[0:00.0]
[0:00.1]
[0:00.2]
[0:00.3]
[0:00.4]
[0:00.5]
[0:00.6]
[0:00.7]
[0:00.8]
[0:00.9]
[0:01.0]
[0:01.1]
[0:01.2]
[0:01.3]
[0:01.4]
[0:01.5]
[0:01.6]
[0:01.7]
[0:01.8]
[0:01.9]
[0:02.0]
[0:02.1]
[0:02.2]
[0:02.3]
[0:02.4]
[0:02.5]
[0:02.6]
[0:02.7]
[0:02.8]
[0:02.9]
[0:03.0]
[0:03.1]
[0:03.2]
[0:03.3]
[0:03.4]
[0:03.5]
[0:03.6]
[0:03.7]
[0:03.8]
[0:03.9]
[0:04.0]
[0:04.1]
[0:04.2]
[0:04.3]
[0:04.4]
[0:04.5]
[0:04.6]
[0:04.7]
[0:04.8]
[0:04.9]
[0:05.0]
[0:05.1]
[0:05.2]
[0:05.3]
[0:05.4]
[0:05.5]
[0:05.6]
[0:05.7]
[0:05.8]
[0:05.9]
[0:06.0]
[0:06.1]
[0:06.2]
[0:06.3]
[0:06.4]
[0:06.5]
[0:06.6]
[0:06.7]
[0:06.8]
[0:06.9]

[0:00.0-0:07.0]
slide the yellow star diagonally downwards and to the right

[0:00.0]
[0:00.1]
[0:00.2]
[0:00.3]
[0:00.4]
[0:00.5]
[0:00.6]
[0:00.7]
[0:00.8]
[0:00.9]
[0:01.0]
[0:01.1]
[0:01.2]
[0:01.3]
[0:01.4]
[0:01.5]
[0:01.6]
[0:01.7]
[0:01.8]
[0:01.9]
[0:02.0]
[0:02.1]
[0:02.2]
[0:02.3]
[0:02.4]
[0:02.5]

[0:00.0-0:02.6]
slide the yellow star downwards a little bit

================

▶ _WHAT NEEDS TO BE DONE_:
Print out each line of the data exactly.

▶ _RESULT BELOW_:
[0:00.0]
[0:00.1]
[0:00.2]
[0:00.3]
[0:00.4]
[0:00.5]
[0:00.6]
[0:00.7]
[0:00.8]
[0:00.9]
[0:01.0]
[0:01.1]
[0:01.2]
[0:01.3]
[0:01.4]
[0:01.5]
[0:01.6]
[0:01.7]
[0:01.8]
[0:01.9]
[0:02.0]
[0:02.1]
[0:02.2]
[0:02.3]
[0:02.4]
[0:02.5]
[0:02.6]
[0:02.7]
[0:02.8]
[0:02.9]
[0:03.0]
[0:03.1]
[0:03.2]
[0:03.3]
[0:03.4]
[0:03.5]
[0:03.6]
[0:03.7]
[0:03.8]
[0:03.9]
[0:04.0]
[0:04.1]
[0:04.2]
[0:04.3]
[0:04.4]
[0:04.5]
[0:04.6]
[0:04.7]
[0:04.8]
[0:04.9]
[0:05.0]
[0:05.1]
[0:05.2]
[0:05.3]
[0:05.4]
[0:05.5]
[0:05.6]
[0:05.7]
[0:05.8]
[0:05.9]
[0:06.0]
[0:06.1]
[0:06.2]
[0:06.3]
[0:06.4]
[0:06.5]
[0:06.6]
[0:06.7]
[0:06.8]
[0:06.9]

[0:00.0-0:07.0]
slide the yellow star diagonally downwards and to the right

[0:00.0]
[0:00.1]
[0:00.2]
[0:00.3]
[0:00.4]
[0:00.5]
[0:00.6]
[0:00.7]
[0:00.8]
[0:00.9]
[0:01.0]
[0:01.1]
[0:01.2]
[0:01.3]
[0:01.4]
[0:01.5]
[0:01.6]
[0:01.7]
[0:01.8]
[0:01.9]
[0:02.0]
[0:02.1]
[0:02.2]
[0:02.3]
[0:02.4]
[0:02.5]

[0:00.0-0:02.6]
slide the yellow star downwards a little bit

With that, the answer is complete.